Invece, come ha evidenziato Al-Abdallah in una itnervista alla testata siriana Enab Baladi, “il processo di riesumazione delle fosse comuni dovrebbe essere accompagnato da un’indagine forense e penale, durante la quale i corpi vengono separati e ne viene identificato il sesso, stabilendo il contesto della fossa comune, misurando la lunghezza dell’individuo sepolto attraverso il femore, oltre a cercare di determinare la causa della morte”, osservando se ad esempio la salma presenta fori di ingresso delle pallottole, oppure le mani legate.
“INVIARE ESPERTI PER RACCOGLIERE DATI, TESTIMONIANZE ED ELEMENTI DI PROVA DI CRIMINI COMMESSI DAL REGIME”
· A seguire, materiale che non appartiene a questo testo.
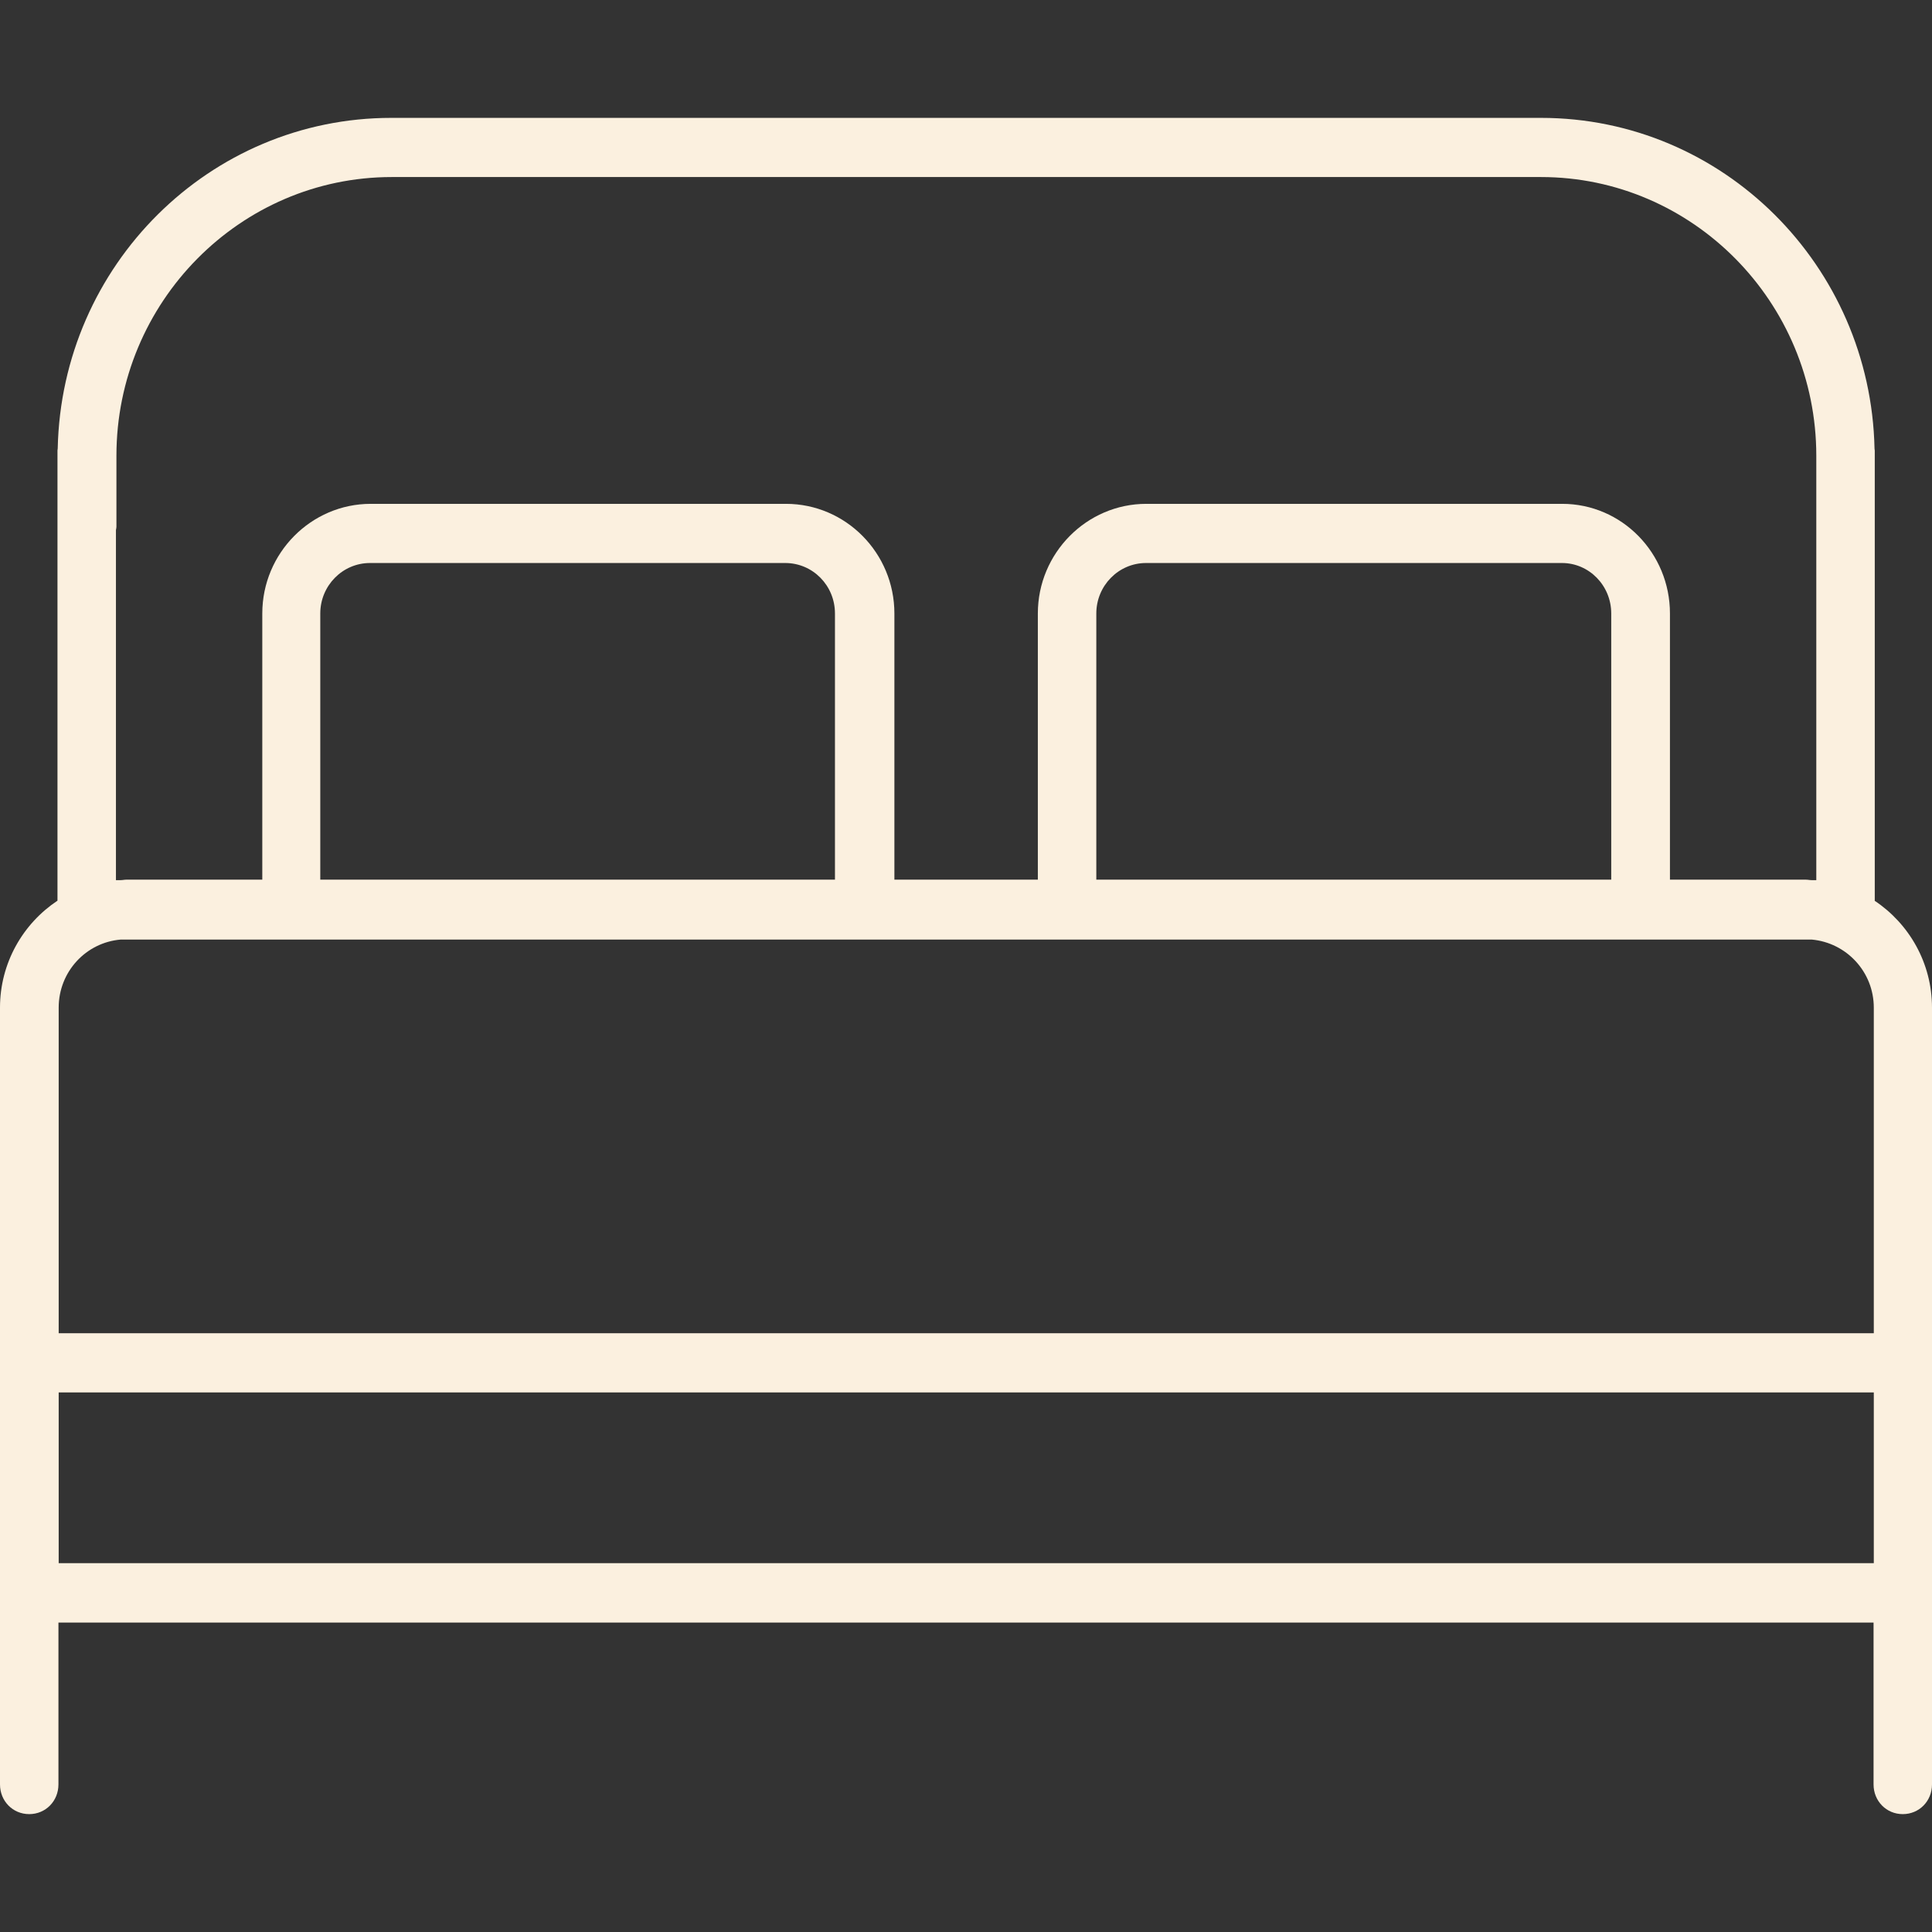 <svg width="80" height="80" viewBox="0 0 80 80" fill="none" xmlns="http://www.w3.org/2000/svg">
<rect x="0" y="0" width="80" height="80" fill="#333333" stroke="none"/>
<path d="M77.63 37.295V18.652C77.63 18.652 77.62 18.602 77.62 18.572C77.46 11.001 71.349 4.881 63.808 4.881H16.202C8.681 4.881 2.55 10.981 2.39 18.572C2.39 18.602 2.38 18.622 2.38 18.652V37.295C0.95 38.245 0 39.875 0 41.725V65.958V73.889C0 74.579 0.53 75.119 1.21 75.119C1.89 75.119 2.42 74.579 2.42 73.889V67.188H77.58V73.889C77.58 74.579 78.11 75.119 78.79 75.119C79.47 75.119 80 74.579 80 73.889V65.958V41.725C80 39.875 79.05 38.245 77.62 37.295H77.63ZM5.001 38.905H75.019C76.46 39.035 77.59 40.245 77.59 41.725V55.207H2.43V41.725C2.43 40.235 3.56 39.025 5.001 38.905ZM34.584 36.425H13.262V25.403C13.262 24.253 14.182 23.313 15.322 23.313H32.514C33.654 23.313 34.574 24.243 34.574 25.403V36.425H34.584ZM66.718 36.425H45.396V25.403C45.396 24.253 46.316 23.313 47.456 23.313H64.678C65.798 23.313 66.718 24.243 66.718 25.403V36.425ZM77.59 64.728H2.43V57.657H77.59V64.728ZM4.801 36.455V21.943C4.801 21.943 4.821 21.863 4.821 21.823V18.872C4.821 12.512 9.941 7.331 16.222 7.331H63.808C70.089 7.331 75.209 12.512 75.209 18.872V36.445H75.019C74.939 36.445 74.859 36.425 74.779 36.425H69.149V25.403C69.149 22.903 67.158 20.863 64.688 20.863H47.466C44.996 20.863 42.975 22.903 42.975 25.403V36.425H37.035V25.403C37.035 22.903 35.024 20.863 32.544 20.863H15.352C12.882 20.863 10.861 22.903 10.861 25.403V36.425H5.231C5.151 36.425 5.071 36.445 4.991 36.445H4.801V36.455Z" fill="#FBF0DF"/>
</svg>

Ieri Robert Petit, a capo del Meccanismo internazionale, imparziale e indipendente (Iiim) delle Nazioni Unite, in una conferenza stampa a Ginevra ha riferito di aver scritto al governo ad interim di Damasco comunicando la propria disponibilità a inviare squadre di esperti per raccogliere dati, testimonianze ed elementi di prova dei crimini commessi dal regime: “Ora c’è la possibilità di accedere alle prove del livello più alto del regime”. E ha aggiunto: “La nostra priorità sarà valutare l’entità del problema, vedere esattamente cosa è disponibile in termini di accesso e potenziali prove, e poi vedere come potremo contribuire a preservarle al meglio”. l’Iiim è stato istituito nel 2016 per indagare e contribuire a perseguire i crimini più gravi commessi in Siria dal 2011.
Tra questi, sta emergendo anche la pratica di incarcerare un numero imprecisato di minori, nati o cresciuti in cella con le loro madri. In una nota Medici senza frontiere (Msf) ha fatto sapere di stare ricevendo a Idlib detenuti imprigionati a Damasco e in altre zone della Siria. Tra queste, riferiscono i responsabili, “c’è un’ex detenuta che trascorso 8 anni nella prigione di Sednaya. Oggi ha 27 anni. È entrata in prigione con suo figlio che all’epoca aveva 3 mesi, oggi ne ha 8. Il bambino non sa cosa sia un biscotto, un albero o un uccello, nemmeno un giocattolo con cui giocare. Non sa leggere né scrivere. Ha visto sua madre subire abusi fisici e sessuali. È stato davvero difficile parlare con lui”.